> TASK TO CARRY OUT:
Should the entries contain pictures, leave them out and return exactly the lines from the first through the line holding "Given next are".

MATERIAL FOR THE TASK Block Start

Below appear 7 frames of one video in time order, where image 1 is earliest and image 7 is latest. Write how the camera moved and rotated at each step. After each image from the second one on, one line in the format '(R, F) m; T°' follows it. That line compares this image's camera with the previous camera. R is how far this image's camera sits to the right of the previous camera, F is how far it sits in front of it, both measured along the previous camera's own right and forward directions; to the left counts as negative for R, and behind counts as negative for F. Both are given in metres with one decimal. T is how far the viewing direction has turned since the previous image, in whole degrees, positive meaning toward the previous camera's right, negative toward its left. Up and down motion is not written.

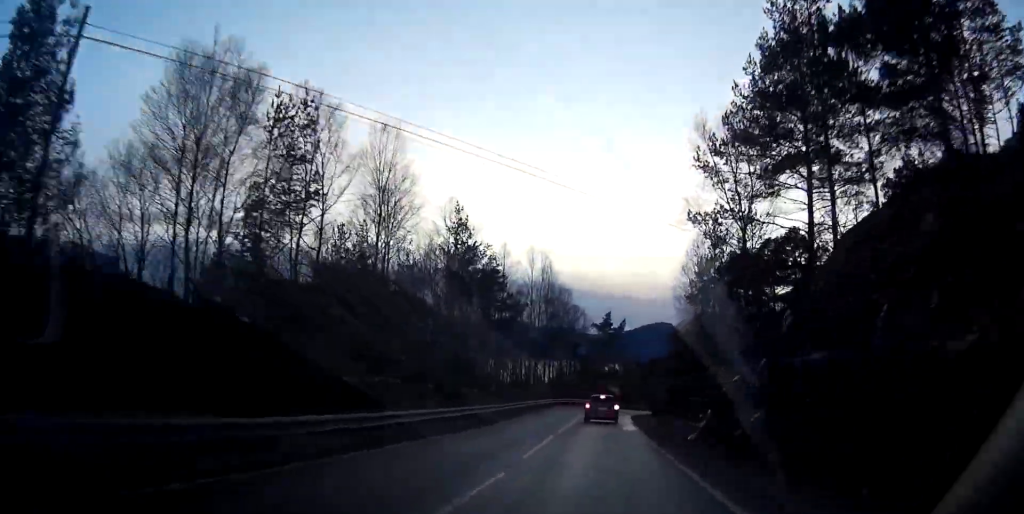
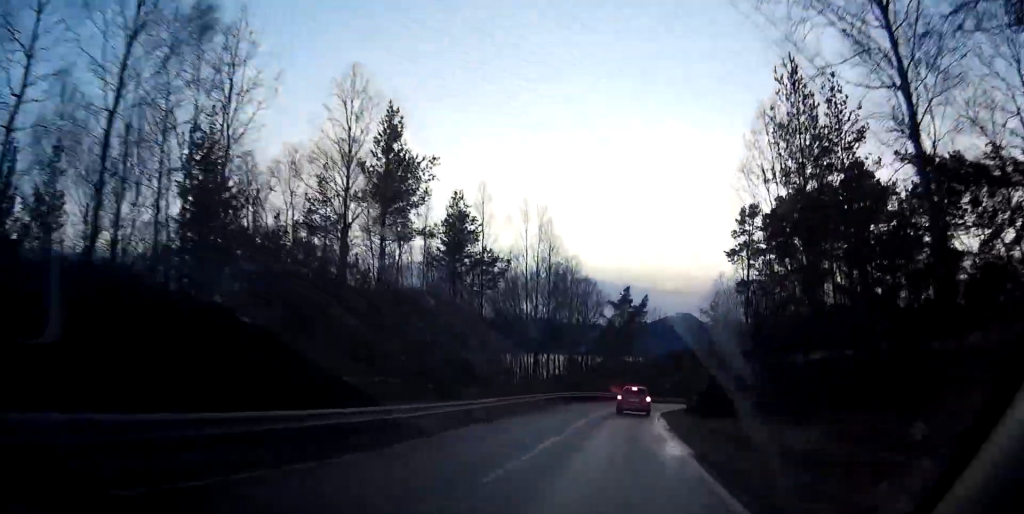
(-0.2, +17.5) m; -2°
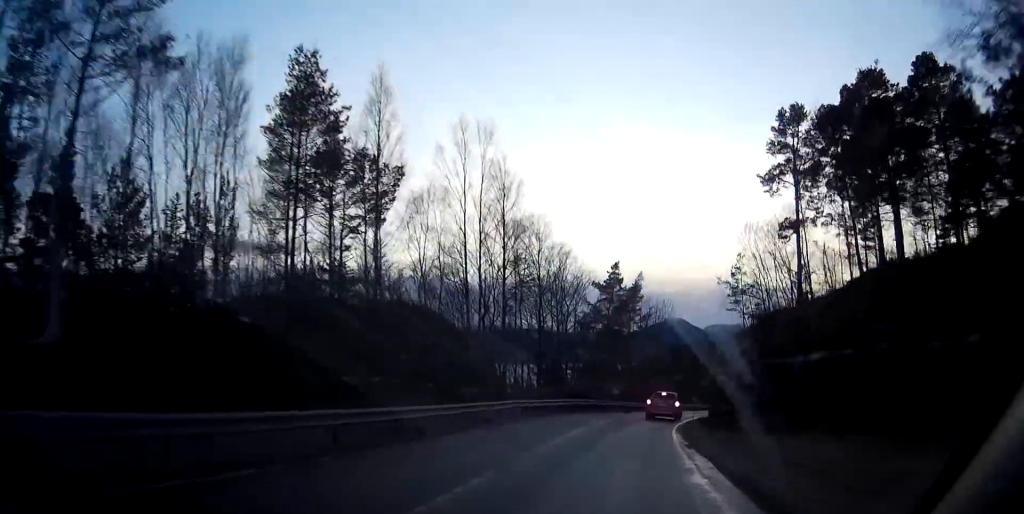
(-0.3, +19.6) m; +1°
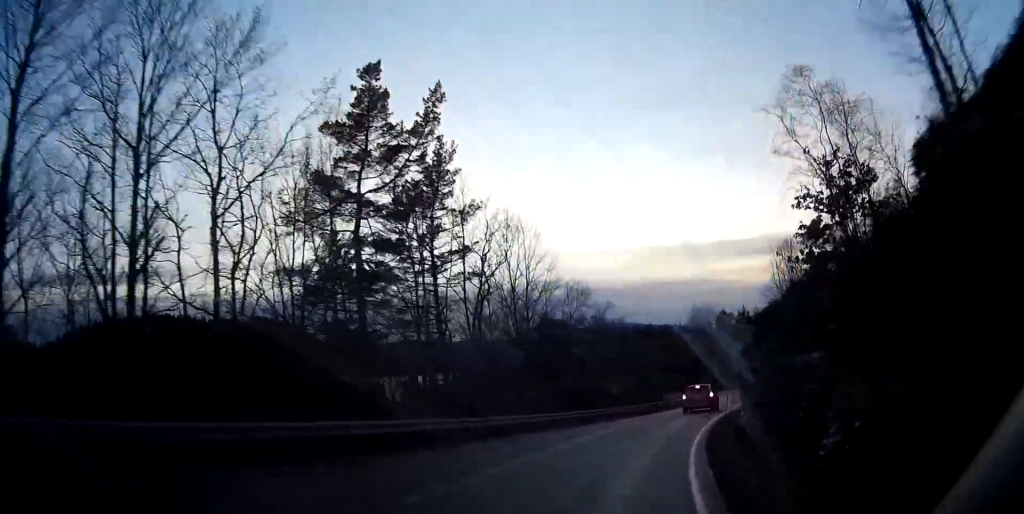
(+2.1, +42.0) m; +9°
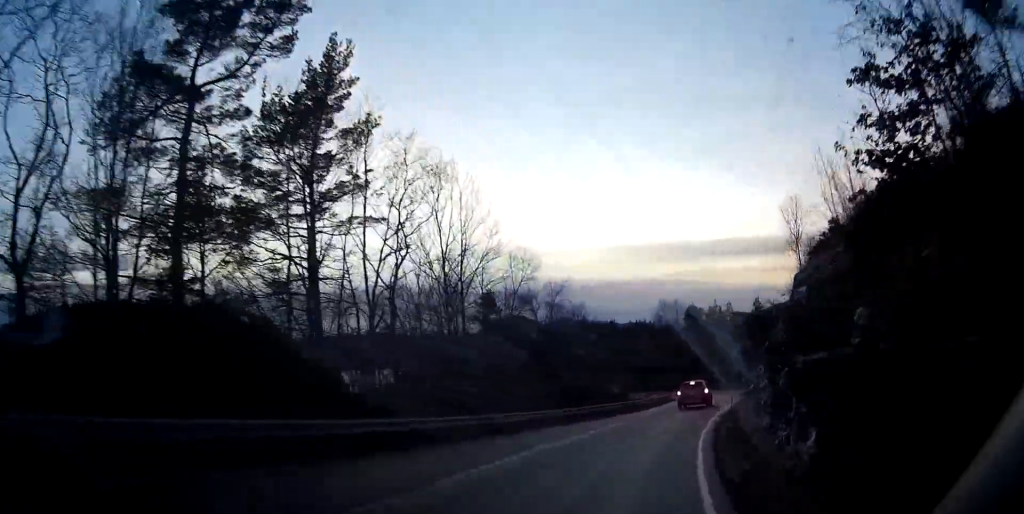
(+0.6, +9.2) m; +3°
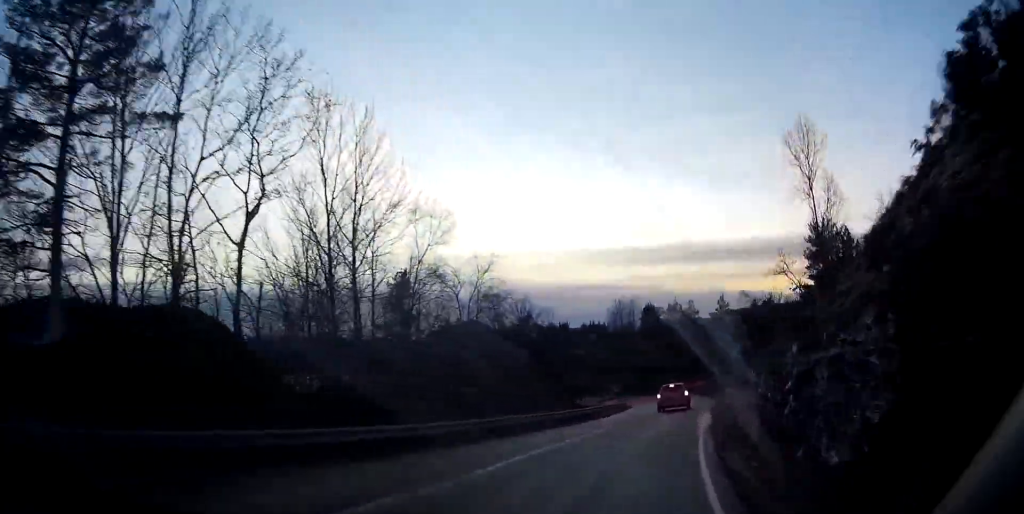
(+0.3, +9.8) m; +3°
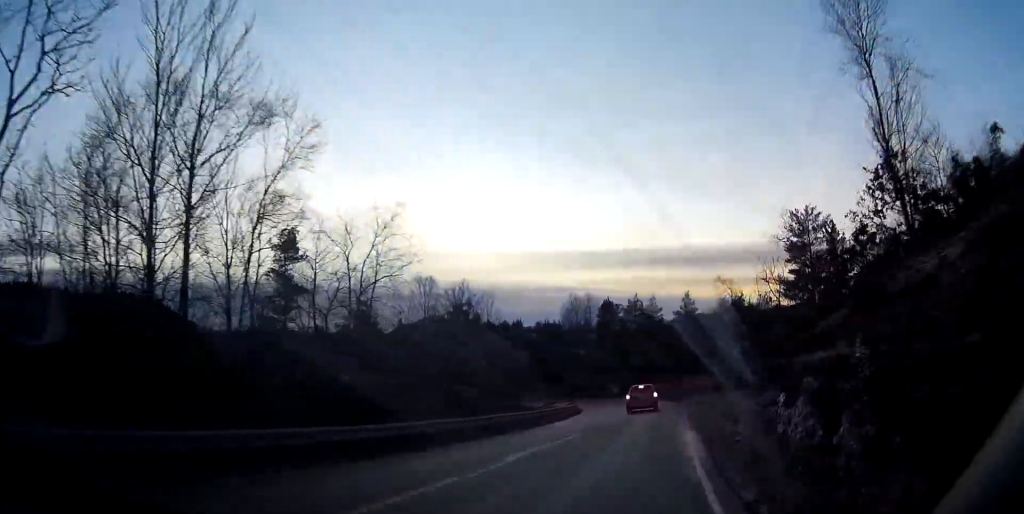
(+0.2, +10.0) m; +3°
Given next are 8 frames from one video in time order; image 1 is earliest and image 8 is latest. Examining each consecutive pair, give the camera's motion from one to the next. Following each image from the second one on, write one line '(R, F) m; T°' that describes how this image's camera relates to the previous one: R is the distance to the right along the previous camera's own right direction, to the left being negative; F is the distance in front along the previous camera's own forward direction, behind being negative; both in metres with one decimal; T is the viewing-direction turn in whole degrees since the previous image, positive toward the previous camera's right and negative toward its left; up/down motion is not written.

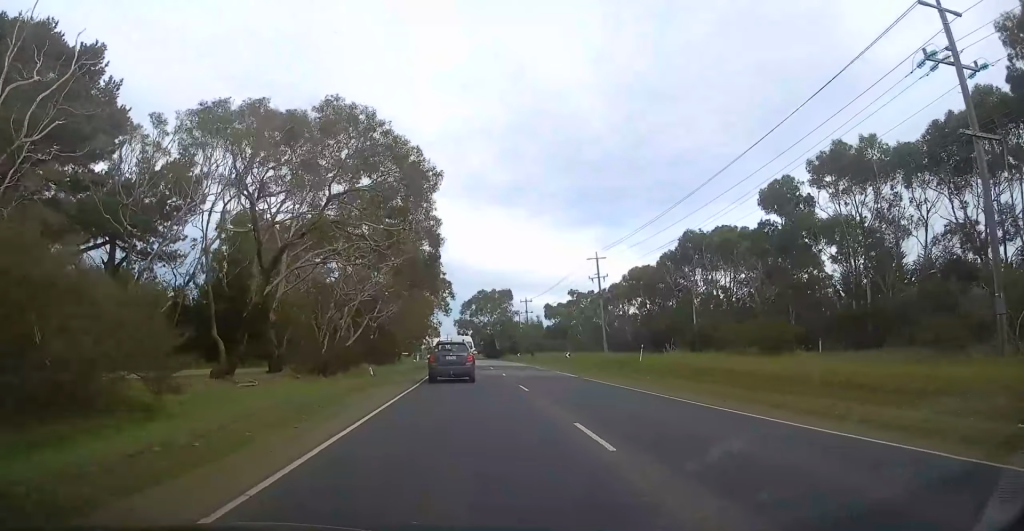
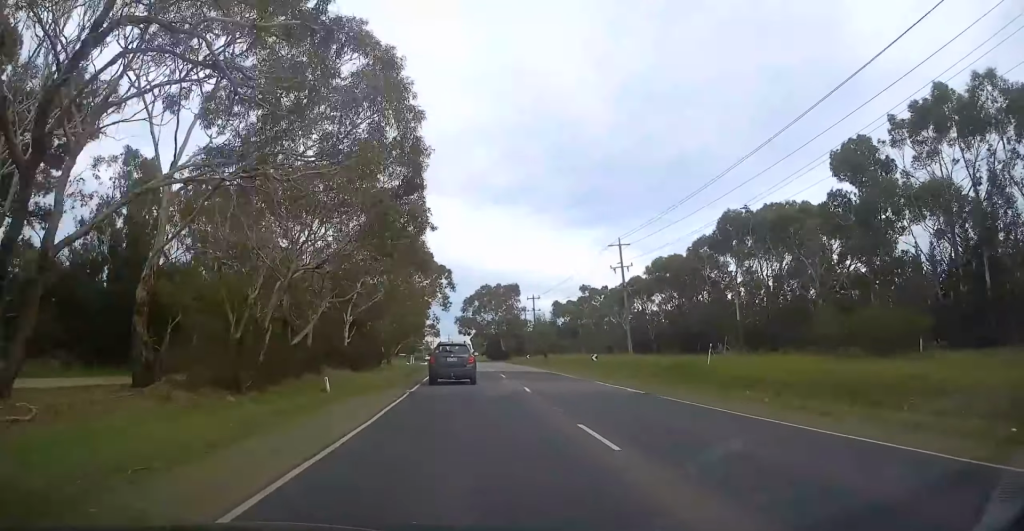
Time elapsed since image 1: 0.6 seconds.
(-0.4, +11.4) m; 0°
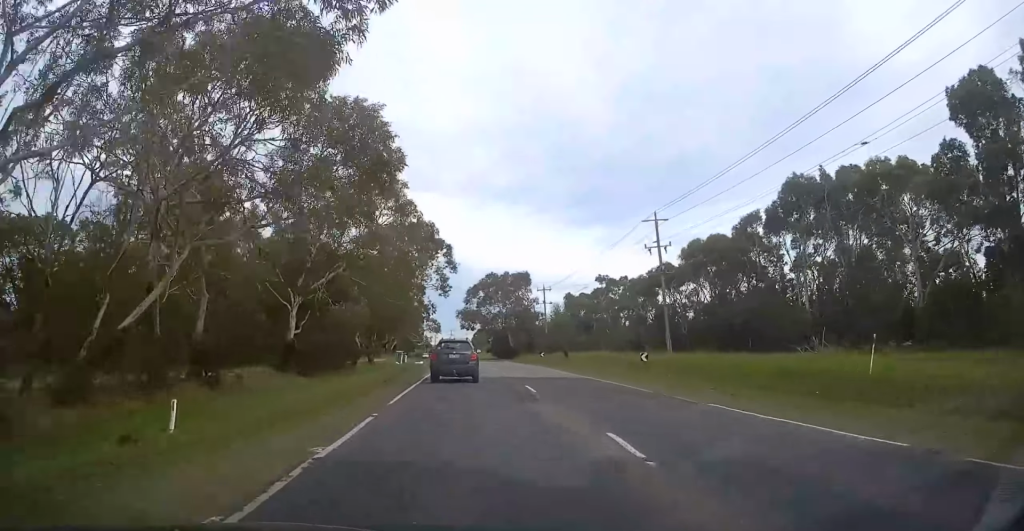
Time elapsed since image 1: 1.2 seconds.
(+0.3, +13.5) m; 0°
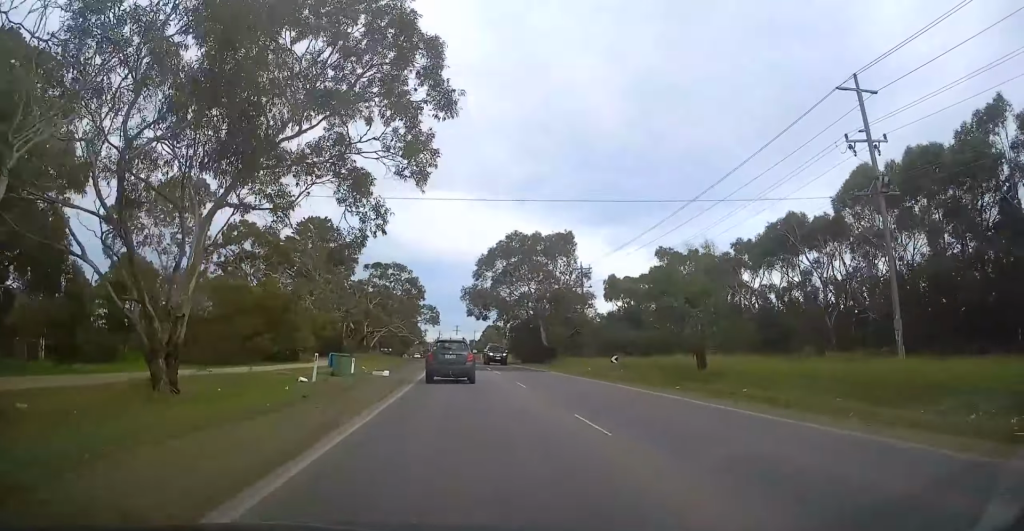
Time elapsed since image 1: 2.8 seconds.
(-0.3, +32.9) m; 0°
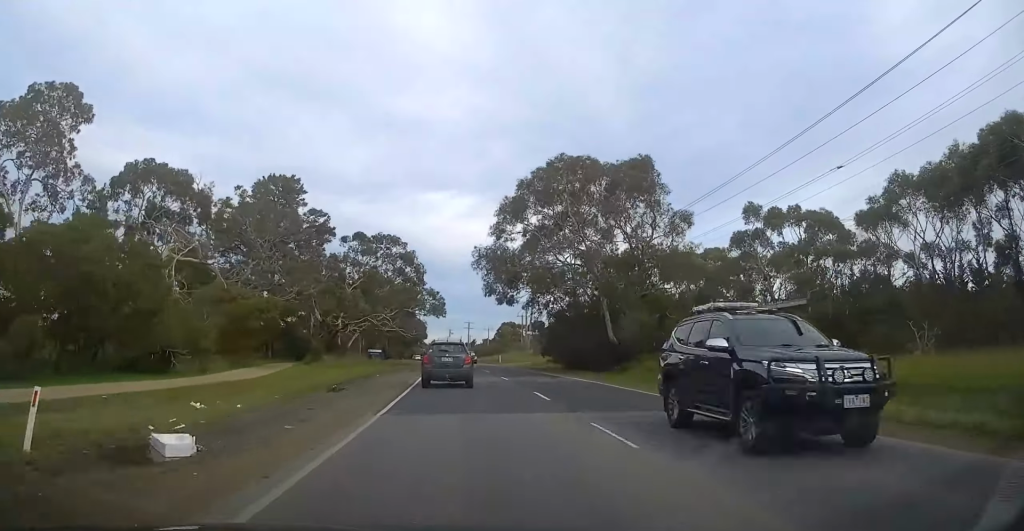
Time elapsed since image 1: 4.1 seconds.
(+0.4, +25.5) m; -1°
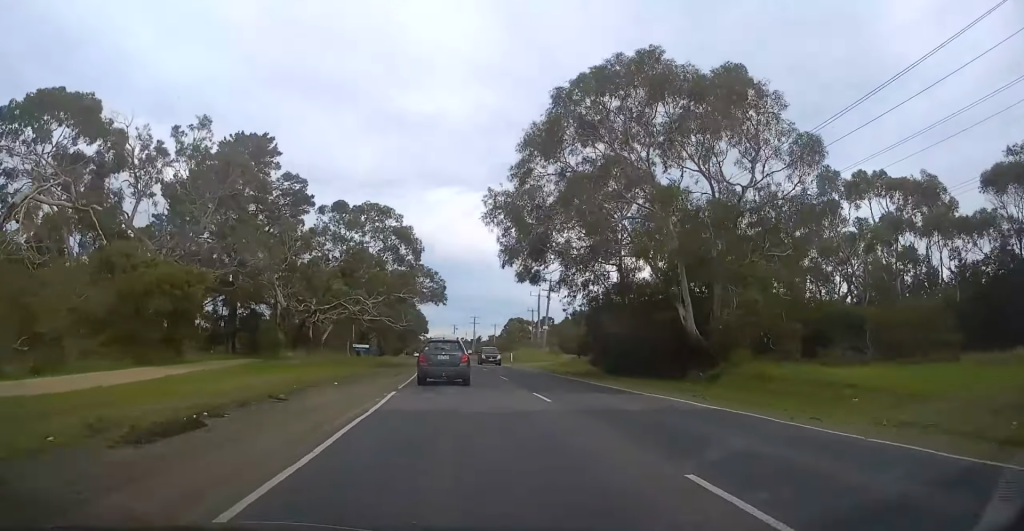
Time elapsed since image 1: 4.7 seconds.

MATERIAL FOR THE TASK Block End

> EXERCISE SOLUTION:
Below appear 7 frames of one video in time order, where image 1 is earliest and image 7 is latest. Write how the camera moved and rotated at each step. After each image from the second one on, one line in the format '(R, F) m; T°' follows it. That line compares this image's camera with the previous camera. R is how far this image's camera sits to the right of the previous camera, F is how far it sits in front of it, both measured along the previous camera's own right and forward directions; to the left counts as negative for R, and behind counts as negative for F. Both are given in metres with one decimal. T is how far the viewing direction has turned since the previous image, in whole degrees, positive meaning toward the previous camera's right, negative toward its left. Up and down motion is not written.

(-0.2, +17.5) m; -2°
(-0.3, +19.6) m; +1°
(+2.1, +42.0) m; +9°
(+0.6, +9.2) m; +3°
(+0.3, +9.8) m; +3°
(+0.2, +10.0) m; +3°
Given next are 8 frames from one video in time order; image 1 is earliest and image 8 is latest. Examining each consecutive pair, give the camera's motion from one to the next. Following each image from the second one on, write one line '(R, F) m; T°' that describes how this image's camera relates to the previous one: R is the distance to the right along the previous camera's own right direction, to the left being negative; F is the distance in front along the previous camera's own forward direction, behind being negative; both in metres with one decimal; T is the viewing-direction turn in whole degrees since the previous image, positive toward the previous camera's right and negative toward its left; up/down motion is not written.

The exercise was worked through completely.